Despite these similarities, registration and memory share few differences between them. The basic difference between registration and memory is that the registry it contains the data that the CPU is currently processing, while the memory It contains the instructions and data of the program that the program requires for its execution.
We will discuss some more differences between registration and memory with the help of the comparison chart shown below.
|BASIC||The records contain the operands or instructions that the CPU is currently processing.||The memory contains the instructions and data required by the program currently running on the CPU.|
|Capacity||The register saves the small amount of data from around 32 bits to 64 bits.||The computer memory can range from a few GB to TB.|
|Access||The CPU can operate in the register contents at the speed of more than one operation in a clock cycle.||The CPU accesses the memory at a slower rate than the registry.|
|Type||Accumulator register, program counter, instruction register, address register, etc.||RAM.|
Records are the data retention elements smaller what are integrated into The processor itself. Logs are the memory locations that the processor can access directly . The records contain the instruction or operands currently accessed by the CPU.
Logs are the accessible storage items of high speed . The processor accesses the records within a CPU clock cycle . In fact, the processor can decode the instructions and perform operations on the contents of the registry at the speed of more than one operation per CPU clock cycle. Then we can say that the processor can access the records faster than the main memory.
The register is measured in bits, as a processor can have 16-bit, 32-bit or 64-bit registers. The number of register bits specifies the speed and power of the CPU. For example, a CPU that has a 32-bit register can access 32-bit instructions at the same time. The CPU that has a 64-bit register can execute 64-bit instructions. Therefore, more the number of register bits ms is the speed and power of the CPU.
The computer records are classified as follows:
DR: Data register it is a 16-bit register that contains the operands The processor must operate.
AR: Address Register it is a 12-bit register that contains the address of a memory location .
AC: The accumulator It is also a 16-bit register that contains the calculated result by the processor.
IR: the instruction record it is a 16-bit register that contains the instruction code which must currently run.
PC: Program Counter it is a 12-bit register that contains the direction of instruction It must be executed by the processor.
TR: Temporary registration it is a 16-bit register that contains the temporary intermediate result Calculated by the processor.

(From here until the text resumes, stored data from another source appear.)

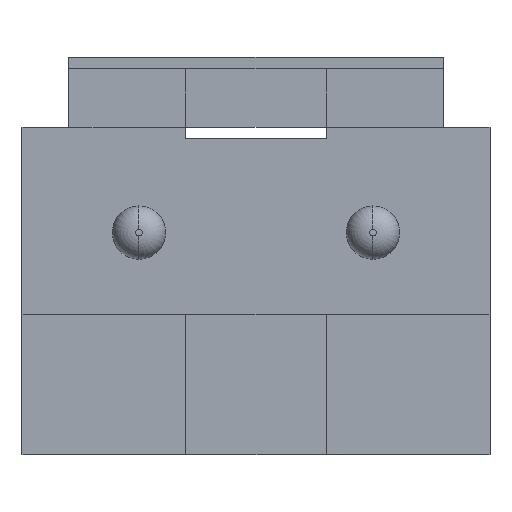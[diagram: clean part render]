
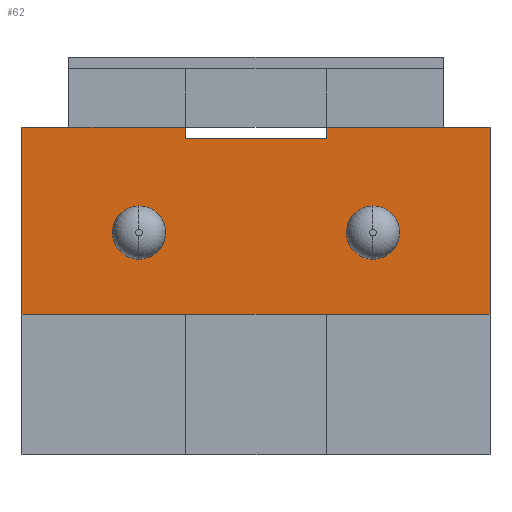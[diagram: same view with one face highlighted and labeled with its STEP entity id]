
A CAD part, front view. The second image highlights one B-rep face of the part: STEP entity #62.
In plain terms, the highlighted planar face has unit normal (0, -1, 0).
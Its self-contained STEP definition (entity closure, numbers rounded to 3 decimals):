
#2 = EDGE_CURVE ( 'NONE', #83, #637, #1395, .T. ) ;
#16 = CARTESIAN_POINT ( 'NONE',  ( 2.5, 1., 0.5 ) ) ;
#38 = CARTESIAN_POINT ( 'NONE',  ( 5., 1., 2.5 ) ) ;
#54 = CARTESIAN_POINT ( 'NONE',  ( 2.5, 1., -0.07 ) ) ;
#62 = ADVANCED_FACE ( 'NONE', ( #1098, #283, #243 ), #124, .F. ) ;
#73 = DIRECTION ( 'NONE',  ( 0., 0., -1. ) ) ;
#83 = VERTEX_POINT ( 'NONE', #1448 ) ;
#85 = CARTESIAN_POINT ( 'NONE',  ( 5., 1., 2.75 ) ) ;
#91 = CARTESIAN_POINT ( 'NONE',  ( 5., 1., 2.75 ) ) ;
#94 = CARTESIAN_POINT ( 'NONE',  ( -5., 1., 2.75 ) ) ;
#97 = VERTEX_POINT ( 'NONE', #1107 ) ;
#116 = VERTEX_POINT ( 'NONE', #1441 ) ;
#117 = VERTEX_POINT ( 'NONE', #397 ) ;
#124 = PLANE ( 'NONE',  #194 ) ;
#144 = ORIENTED_EDGE ( 'NONE', *, *, #1116, .T. ) ;
#146 = ORIENTED_EDGE ( 'NONE', *, *, #666, .T. ) ;
#149 = LINE ( 'NONE', #38, #1059 ) ;
#178 = LINE ( 'NONE', #94, #771 ) ;
#185 = CARTESIAN_POINT ( 'NONE',  ( 1.5, 1., 2.75 ) ) ;
#194 = AXIS2_PLACEMENT_3D ( 'NONE', #1092, #831, #993 ) ;
#202 = LINE ( 'NONE', #219, #571 ) ;
#219 = CARTESIAN_POINT ( 'NONE',  ( 5., 1., 2.75 ) ) ;
#228 = DIRECTION ( 'NONE',  ( 0., 0., 1. ) ) ;
#231 = EDGE_CURVE ( 'NONE', #97, #1370, #1256, .T. ) ;
#235 = DIRECTION ( 'NONE',  ( 0., 0., 1. ) ) ;
#243 = FACE_OUTER_BOUND ( 'NONE', #790, .T. ) ;
#248 = VECTOR ( 'NONE', #1347, 1000. ) ;
#260 = DIRECTION ( 'NONE',  ( 0., 0., 1. ) ) ;
#274 = DIRECTION ( 'NONE',  ( -1., 0., 0. ) ) ;
#276 = EDGE_CURVE ( 'NONE', #1346, #1185, #1151, .T. ) ;
#283 = FACE_BOUND ( 'NONE', #1119, .T. ) ;
#295 = EDGE_LOOP ( 'NONE', ( #1131, #503 ) ) ;
#303 = VERTEX_POINT ( 'NONE', #479 ) ;
#309 = CARTESIAN_POINT ( 'NONE',  ( -1.5, 1., 2.75 ) ) ;
#347 = CARTESIAN_POINT ( 'NONE',  ( -2.5, 1., 0.5 ) ) ;
#363 = VECTOR ( 'NONE', #461, 1000. ) ;
#367 = ORIENTED_EDGE ( 'NONE', *, *, #1321, .T. ) ;
#369 = DIRECTION ( 'NONE',  ( 0., 0., 1. ) ) ;
#379 = DIRECTION ( 'NONE',  ( 0., -1., 0. ) ) ;
#393 = EDGE_CURVE ( 'NONE', #303, #1204, #1008, .T. ) ;
#397 = CARTESIAN_POINT ( 'NONE',  ( -4., 1., 2.75 ) ) ;
#461 = DIRECTION ( 'NONE',  ( -1., 0., 0. ) ) ;
#479 = CARTESIAN_POINT ( 'NONE',  ( 2.5, 1., 1.07 ) ) ;
#485 = AXIS2_PLACEMENT_3D ( 'NONE', #347, #1407, #228 ) ;
#493 = CARTESIAN_POINT ( 'NONE',  ( 5., 1., 2.75 ) ) ;
#503 = ORIENTED_EDGE ( 'NONE', *, *, #393, .F. ) ;
#534 = VERTEX_POINT ( 'NONE', #1445 ) ;
#541 = VECTOR ( 'NONE', #930, 1000. ) ;
#566 = DIRECTION ( 'NONE',  ( 0., -1., 0. ) ) ;
#571 = VECTOR ( 'NONE', #932, 1000. ) ;
#620 = EDGE_CURVE ( 'NONE', #117, #116, #1142, .T. ) ;
#636 = DIRECTION ( 'NONE',  ( -1., 0., 0. ) ) ;
#637 = VERTEX_POINT ( 'NONE', #1020 ) ;
#652 = DIRECTION ( 'NONE',  ( 0., 0., -1. ) ) ;
#666 = EDGE_CURVE ( 'NONE', #880, #117, #202, .T. ) ;
#672 = CIRCLE ( 'NONE', #770, 0.57 ) ;
#717 = CARTESIAN_POINT ( 'NONE',  ( 5., 1., -1.25 ) ) ;
#725 = ORIENTED_EDGE ( 'NONE', *, *, #231, .T. ) ;
#750 = EDGE_CURVE ( 'NONE', #939, #83, #788, .T. ) ;
#770 = AXIS2_PLACEMENT_3D ( 'NONE', #16, #566, #235 ) ;
#771 = VECTOR ( 'NONE', #652, 1000. ) ;
#772 = EDGE_CURVE ( 'NONE', #1419, #880, #797, .T. ) ;
#788 = LINE ( 'NONE', #1040, #795 ) ;
#790 = EDGE_LOOP ( 'NONE', ( #826, #1015, #146, #1123, #367, #1140, #850, #1103, #144, #725 ) ) ;
#795 = VECTOR ( 'NONE', #900, 1000. ) ;
#797 = LINE ( 'NONE', #309, #1246 ) ;
#826 = ORIENTED_EDGE ( 'NONE', *, *, #940, .T. ) ;
#831 = DIRECTION ( 'NONE',  ( 0., 1., 0. ) ) ;
#849 = CARTESIAN_POINT ( 'NONE',  ( -2.5, 1., 0.5 ) ) ;
#850 = ORIENTED_EDGE ( 'NONE', *, *, #750, .F. ) ;
#880 = VERTEX_POINT ( 'NONE', #1278 ) ;
#889 = EDGE_CURVE ( 'NONE', #1204, #303, #672, .T. ) ;
#900 = DIRECTION ( 'NONE',  ( 0., 0., -1. ) ) ;
#930 = DIRECTION ( 'NONE',  ( -1., 0., 0. ) ) ;
#932 = DIRECTION ( 'NONE',  ( -1., 0., 0. ) ) ;
#939 = VERTEX_POINT ( 'NONE', #987 ) ;
#940 = EDGE_CURVE ( 'NONE', #1370, #1419, #149, .T. ) ;
#950 = CARTESIAN_POINT ( 'NONE',  ( -1.5, 1., 2.5 ) ) ;
#957 = CARTESIAN_POINT ( 'NONE',  ( -2.5, 1., -0.07 ) ) ;
#986 = AXIS2_PLACEMENT_3D ( 'NONE', #849, #379, #260 ) ;
#987 = CARTESIAN_POINT ( 'NONE',  ( 5., 1., 2.75 ) ) ;
#992 = DIRECTION ( 'NONE',  ( 0., -1., 0. ) ) ;
#993 = DIRECTION ( 'NONE',  ( 0., 0., 1. ) ) ;
#1008 = CIRCLE ( 'NONE', #1192, 0.57 ) ;
#1015 = ORIENTED_EDGE ( 'NONE', *, *, #772, .T. ) ;
#1020 = CARTESIAN_POINT ( 'NONE',  ( -5., 1., -1.25 ) ) ;
#1031 = ORIENTED_EDGE ( 'NONE', *, *, #1136, .F. ) ;
#1040 = CARTESIAN_POINT ( 'NONE',  ( 5., 1., 2.75 ) ) ;
#1059 = VECTOR ( 'NONE', #274, 1000. ) ;
#1092 = CARTESIAN_POINT ( 'NONE',  ( 5., 1., 2.75 ) ) ;
#1098 = FACE_BOUND ( 'NONE', #295, .T. ) ;
#1103 = ORIENTED_EDGE ( 'NONE', *, *, #1137, .T. ) ;
#1107 = CARTESIAN_POINT ( 'NONE',  ( 1.5, 1., 2.75 ) ) ;
#1116 = EDGE_CURVE ( 'NONE', #534, #97, #1236, .T. ) ;
#1119 = EDGE_LOOP ( 'NONE', ( #1031, #1166 ) ) ;
#1120 = CARTESIAN_POINT ( 'NONE',  ( -2.5, 1., 1.07 ) ) ;
#1123 = ORIENTED_EDGE ( 'NONE', *, *, #620, .T. ) ;
#1131 = ORIENTED_EDGE ( 'NONE', *, *, #889, .F. ) ;
#1136 = EDGE_CURVE ( 'NONE', #1185, #1346, #1219, .T. ) ;
#1137 = EDGE_CURVE ( 'NONE', #939, #534, #1194, .T. ) ;
#1140 = ORIENTED_EDGE ( 'NONE', *, *, #2, .F. ) ;
#1142 = LINE ( 'NONE', #91, #248 ) ;
#1151 = CIRCLE ( 'NONE', #485, 0.57 ) ;
#1166 = ORIENTED_EDGE ( 'NONE', *, *, #276, .F. ) ;
#1185 = VERTEX_POINT ( 'NONE', #957 ) ;
#1192 = AXIS2_PLACEMENT_3D ( 'NONE', #1421, #992, #369 ) ;
#1194 = LINE ( 'NONE', #493, #1392 ) ;
#1204 = VERTEX_POINT ( 'NONE', #54 ) ;
#1219 = CIRCLE ( 'NONE', #986, 0.57 ) ;
#1230 = DIRECTION ( 'NONE',  ( 0., 0., 1. ) ) ;
#1236 = LINE ( 'NONE', #85, #363 ) ;
#1246 = VECTOR ( 'NONE', #1230, 1000. ) ;
#1256 = LINE ( 'NONE', #185, #1330 ) ;
#1273 = CARTESIAN_POINT ( 'NONE',  ( 1.5, 1., 2.5 ) ) ;
#1278 = CARTESIAN_POINT ( 'NONE',  ( -1.5, 1., 2.75 ) ) ;
#1321 = EDGE_CURVE ( 'NONE', #116, #637, #178, .T. ) ;
#1330 = VECTOR ( 'NONE', #73, 1000. ) ;
#1346 = VERTEX_POINT ( 'NONE', #1120 ) ;
#1347 = DIRECTION ( 'NONE',  ( -1., 0., 0. ) ) ;
#1370 = VERTEX_POINT ( 'NONE', #1273 ) ;
#1392 = VECTOR ( 'NONE', #636, 1000. ) ;
#1395 = LINE ( 'NONE', #717, #541 ) ;
#1407 = DIRECTION ( 'NONE',  ( 0., -1., 0. ) ) ;
#1419 = VERTEX_POINT ( 'NONE', #950 ) ;
#1421 = CARTESIAN_POINT ( 'NONE',  ( 2.5, 1., 0.5 ) ) ;
#1441 = CARTESIAN_POINT ( 'NONE',  ( -5., 1., 2.75 ) ) ;
#1445 = CARTESIAN_POINT ( 'NONE',  ( 4., 1., 2.75 ) ) ;
#1448 = CARTESIAN_POINT ( 'NONE',  ( 5., 1., -1.25 ) ) ;

INPR: Check-in it is an 8-bit register that contains the input character received from a input device and handed it to accumulator .
OUTR: check out it is an 8-bit register that contains the exit character received from accumulator and delivers it to output device .
Memory is a hardware device used to store computer programs, instructions and data. The memory that is internal to the processor is a primary memory (RAM), and the memory that is external to the processor is a secondary memory (hard disk) . Memory can also be classified based on volatile memory Y not volatile .
Basically, the memory of the computer se refers to the primary memory of the computer while the secondary memory it's called storage of the computer. Primary memory is the memory that the processor can access directly because there is no delay in access to the data and, therefore, the processor calculates faster.
The primary memory or RAM is a memory volatile, which means that the data in the primary memory exists when the systems are turned on and the data disappears when the system is turned off. The main memory contains the data required by the program currently running on the CPU. If the data required by the processor is not in the primary memory, then the data is transferred from the secondary storage to the primary memory, and then the processor searches for it.
Once guard the data on the computer is transferred to secondary storage until it remains in primary memory. Today, primary memory or RAM may vary from 1 GB to 16 GB . On the other hand, the current secondary storage varies from some Giga Bytes (GB) to TeraBytes (TB) .
Key differences between registration and memory
- The main difference between the registry and the memory is that the registry contains the data that the CPU is currently processing, while memory contains the data that will be required for processing .
- Registration ranges range from the registration of 32 bits up to 64 bit register, while the memory capacity varies from some GB to some TB .
- The processor accesses the records faster than memory
- Computer records are the record of the accumulator, program counter, instruction register, address register, etc. On the other hand, memory refers to the main memory of the computer that is RAM.
Normally, the record is at the top of the memory hierarchy. It is the smallest and fastest accessible storage item. On the other hand, the memory generally known as the main memory that is larger than the registry and its access to the CPU is slower than the registry, but is accessed faster than the secondary storage.